No Country Bumpkin
Bob Hirt
A few weeks ago we invited an old friend, Jerry, and his wife to join us for several days at a timeshare in Southern California. Despite the several days of cold, overcast and rainy weather in Escondido, we had a good time together, playing games by the fireplace, eating out occasionally, exploring the area and showing them around the Welk Resort.
Jerry’s parents were dairy farmers back East and their farm was a little over two miles from our home in Western New York. Not only was I their veterinarian but we were Godparents to their first child. We were married the same year as well, in 1968. We’ve been friends for more than 50 years.
Jerry moved to Arizona many years ago for health reasons, the humidity of the East being a source of general discomfort for him for many years. Not having a job to go to out West, he sought out something related to his background: dairy farming. He soon heard about a huge dairy operation not far from their newly-acquired home. He wasted no time in checking it out. Compared to the Mom and Pop farms of much of New York State, this farm was more like a General Motors assembly-line. Rather than the usual twice daily milking routine, some 3,000 dairy cows there were being milked three times daily, in almost robot-like fashion. He didn’t want any part of that rigorous, very demanding schedule.
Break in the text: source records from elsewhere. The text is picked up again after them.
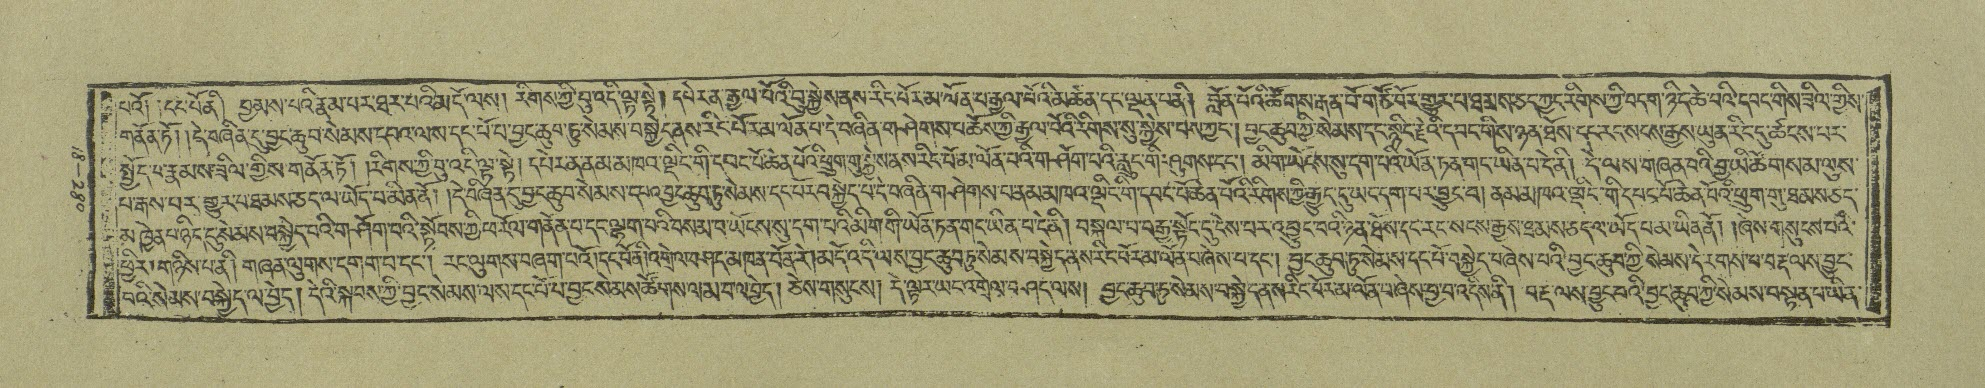པའོ། །དང་པོ་ནི། བྱམས་པའི་རྣམ་པར་ཐར་པའི་མདོ་ལས། རིགས་ཀྱི་བུ་འདི་ལྟ་སྟེ། དཔེར་ན་རྒྱལ་པོའི་བུ་སྐྱེས་ནས་རིང་པོར་མ་ལེན་པ་རྒྱལ་པོའི་མཚན་དང་ལྡན་པ་ནི། བློན་པོའི་ཚོགས་རྒན་པོ་གཙོ་བོར་གྱུར་བ་ཐམས་ཅད་ཀྱང་རིགས་ཀྱི་བདག་ཉིད་ཆེ་བའི་དབང་གིས་ཟིལ་གྱིས་
གནོན་ཏོ། །དེ་བཞིན་དུ་བྱང་ཆུབ་སེམས་དཔའ་ལས་དང་པོ་བ་བྱང་ཆུབ་ཏུ་སེམས་བསྐྱེད་ནས་རིང་པོར་མ་ལོན་པ་དེ་བཞིན་གཤེགས་པ་ཆོས་ཀྱི་རྒྱལ་པོའི་རིགས་སུ་སྐྱེས་པས་ཀྱང་། བྱང་ཆུབ་ཀྱི་སེམས་དང་སྙིང་རྗེའི་དབང་གིས་ཉན་ཐོས་དང་རང་སངས་རྒྱས་ཡུན་རིང་དུ་ཚངས་པར་
སྤྱོད་པ་རྣམས་ཟིལ་གྱིས་གནོན་ཏོ། །རིགས་ཀྱི་བུ་འདི་ལྟ་སྟེ། དཔེར་ན་ནམ་མཁའ་ལྡིང་གི་དབང་པོ་ཆེན་པོའི་ཕྲུག་གུ་སྐྱེས་ནས་རིང་པོ་མ་ལོན་པའི་གཤོག་པའི་རླུང་གི་ཤུགས་དང་། མིག་ཡོངས་སུ་དག་པའི་ཡོན་ཏན་གང་ཡིན་པ་དེ་ནི། དེ་ལས་གཞན་པའི་བྱ་ཡི་ཚོགས་མ་ལུས་
པ་རྒས་པར་གྱུར་པ་ཐམས་ཅད་ལ་ཡོད་པ་མིན་ནོ། །དེ་བཞིན་དུ་བྱང་ཆུབ་སེམས་དཔའ་བྱང་ཆུབ་ཏུ་སེམས་དང་པོར་བསྐྱེད་པ་དེ་བཞིན་གཤེགས་པ་ནམ་མཁའ་ལྡིང་གི་དབང་པོ་ཆེན་པོའི་རིགས་ཀྱི་རྒྱུད་དུ་ཡང་དག་པར་བྱུང་བ། ནམ་མཁའ་ལྡིང་གི་དབང་པོ་ཆེན་པོའི་ཕྲུག་གུ་ཐམས་ཅད་
མཁྱེན་པ་ཉིད་དུ་སེམས་བསྐྱེད་པའི་གཤོག་པའི་སྟོབས་ཀྱི་ཕ་རོལ་གནོན་པ་དང་ལྷག་པའི་བསམ་པ་ཡོངས་སུ་དག་པའི་མིག་གི་ཡོན་ཏན་གང་ཡིན་པ་དེ་ནི། བསྐལ་པ་བརྒྱ་སྟོང་དུ་ངེས་པར་འབྱུང་བའི་ཉན་ཐོས་དང་རང་སངས་རྒྱས་ཐམས་ཅད་ལ་ཡོད་པ་མ་ཡིན་ནོ། །ཞེས་གསུངས་པའི་
ཕྱིར། གཉིས་པ་ནི། གཞན་ལུགས་དགག་པ་དང་། རང་ལུགས་བཞག་པའོ། དང་པོ་ནི། འགྲེལ་བཤད་མཁན་པོ་ན་རེ། མདོ་འདི་ལས་བྱང་ཆུབ་ཏུ་སེམས་བསྐྱེད་ནས་རིང་པོར་མ་ལོན་པ་ཞེས་པ་དང་། བྱང་ཆུབ་ཏུ་སེམས་དང་པོ་བསྐྱེད་པ་ཞེས་པའི་བྱང་ཆུབ་ཀྱི་སེམས་དེ་རགས་པ་བརྡ་ལས་བྱུང་
བའི་སེམས་བསྐྱེད་ལ་བྱེད། དེའི་སྐབས་ཀྱི་བྱང་སེམས་ལས་དང་པོ་བ་བྱང་སེམས་ཚོགས་ལམ་པ་ལ་བྱེད། ཅེས་གསུངས། དེ་ལྟར་ཡང་འགྲེལ་བཤད་ལས། བྱང་ཆུབ་ཏུ་སེམས་བསྐྱེད་ནས་རིང་པོར་མ་ལོན་པ་ཞེས་བྱ་བ་འདིས་ནི། བརྡ་ལས་བྱུང་བའི་བྱང་ཆུབ་ཀྱི་སེམས་བསྟན་པ་ཡིན་

He had other ideas. He loved his rural origin, loved the farm, but he really excelled in the mechanical aspect of farming. He savored doing field work, operating and fixing tractors and machinery. He really excelled at it and he thrived on learning about almost anything that aroused his curiosity. On his tour of this huge farming operation he quickly became aware of the level of efficiency on which it ran. It was an enormous operation and it was ultra-modern, and very, very efficient. The farm was equipped with a relatively new concept at the time, a Methane Digester, to dispose of some of the cow waste – the excrement produced daily by these animals. The methane gas formed in their bodies is both belched out as well as excreted and is now considered a significant environmental polluter. Briefly summarized: By going through a series of complicated procedures the methane gas is collected, processed, compressed and fed into a diesel engine. The engine operates a generator that produces the electricity. The electricity that was produced energized their entire farming operation. Not only was this dairy energy-efficient, it had a significant surplus of electricity that was sold back to the Arizona electrical grid. Jerry never let anything intimidate him and soon he became so knowledgeable about the methane digestion process that he was loaned out to help other large dairy farms set up a similar system!
I found out rather recently that many years ago, Jerry was nominated, and then awarded the American Farm Bureau Federation’s New York State Farmer-of-the-Year Award. It didn’t end there. He then went on later to be awarded the American Farm Bureau Federation’s U.S. Farmer-of-the-Year prize in the late 1980s. Wow! Jerry had never mentioned this. It was Joanie, his wife, who informed us of it one day when we visited them. What an incredible honor that is! Talk about our being impressed? This guy Jerry, my good friend, is no country bumpkin!